(Extracted data entries)
______________________________

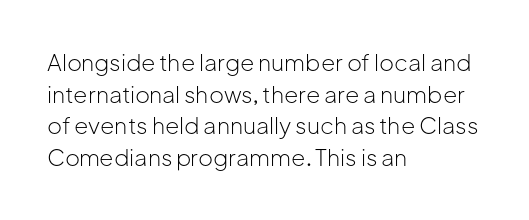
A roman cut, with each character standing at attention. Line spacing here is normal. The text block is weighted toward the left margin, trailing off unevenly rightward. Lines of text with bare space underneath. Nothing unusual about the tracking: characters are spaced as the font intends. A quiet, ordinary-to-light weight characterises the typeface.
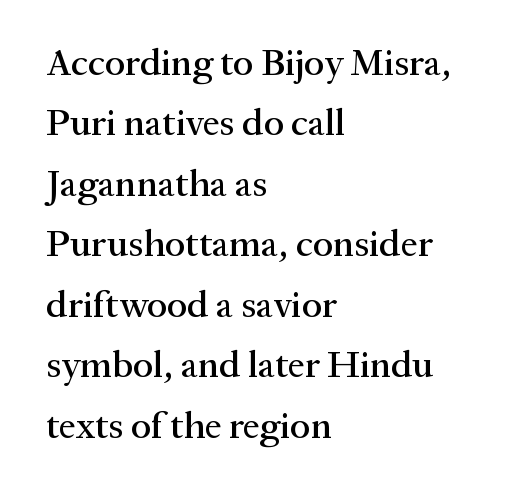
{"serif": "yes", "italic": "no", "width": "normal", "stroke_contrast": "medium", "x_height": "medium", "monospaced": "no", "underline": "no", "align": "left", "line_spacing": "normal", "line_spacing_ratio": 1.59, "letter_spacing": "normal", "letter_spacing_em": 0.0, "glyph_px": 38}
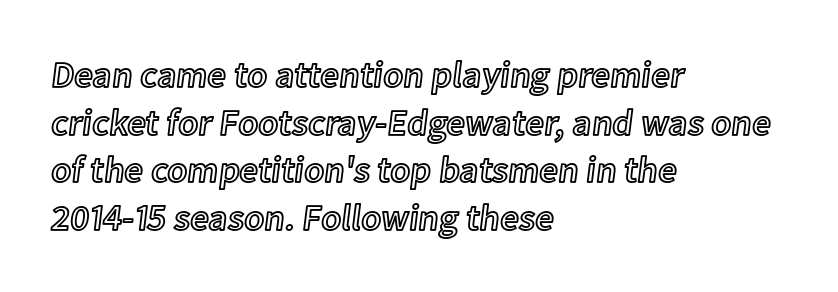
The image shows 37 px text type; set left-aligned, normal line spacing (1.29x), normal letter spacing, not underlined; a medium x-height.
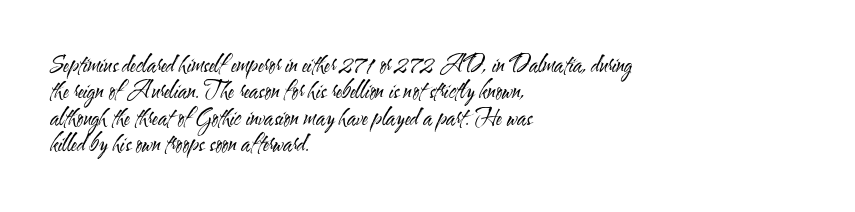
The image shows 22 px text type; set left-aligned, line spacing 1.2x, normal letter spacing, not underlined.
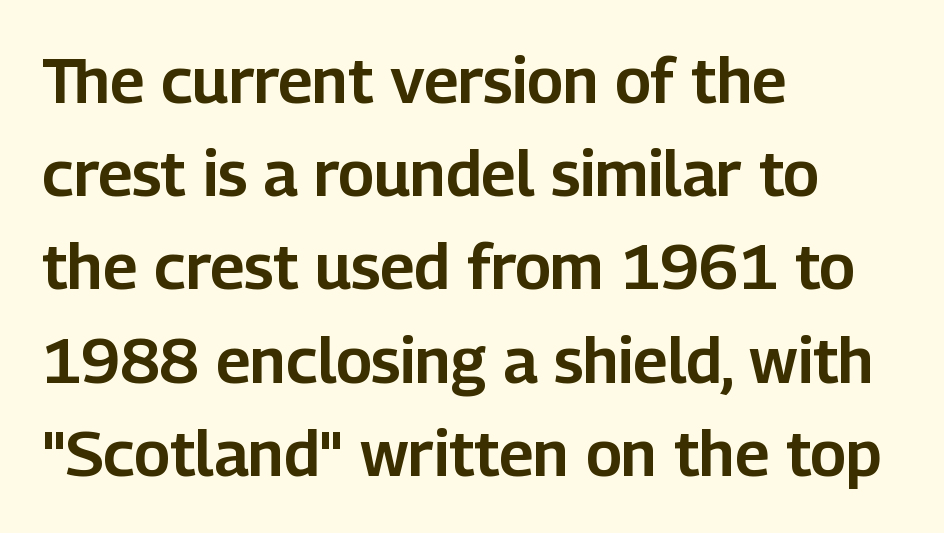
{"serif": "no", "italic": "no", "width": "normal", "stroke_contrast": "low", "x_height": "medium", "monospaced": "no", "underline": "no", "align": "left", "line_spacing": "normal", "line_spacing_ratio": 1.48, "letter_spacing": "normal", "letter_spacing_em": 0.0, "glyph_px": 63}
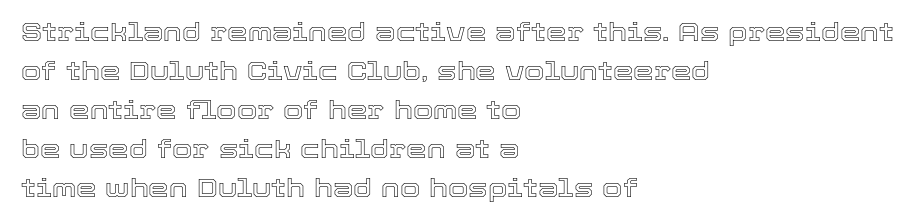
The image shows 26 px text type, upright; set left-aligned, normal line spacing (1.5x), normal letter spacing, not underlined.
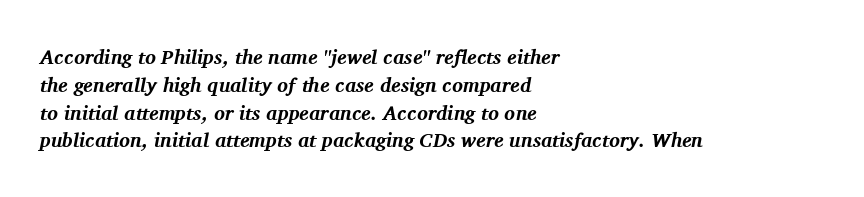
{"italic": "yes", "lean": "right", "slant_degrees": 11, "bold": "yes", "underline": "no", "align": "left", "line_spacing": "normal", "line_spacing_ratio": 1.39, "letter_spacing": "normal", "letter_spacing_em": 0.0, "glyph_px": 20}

______________________________

WHAT YOU NEED TO DO — Return only the lines from the one that contains "The image shows 26" through the closing line of the data, inclusive, reproduced exactly and with every picture left out.

TASK SOLUTION —
The image shows 26 px text type, upright; set left-aligned, normal line spacing (1.5x), normal letter spacing, not underlined.
{"italic": "yes", "lean": "right", "slant_degrees": 11, "bold": "yes", "underline": "no", "align": "left", "line_spacing": "normal", "line_spacing_ratio": 1.39, "letter_spacing": "normal", "letter_spacing_em": 0.0, "glyph_px": 20}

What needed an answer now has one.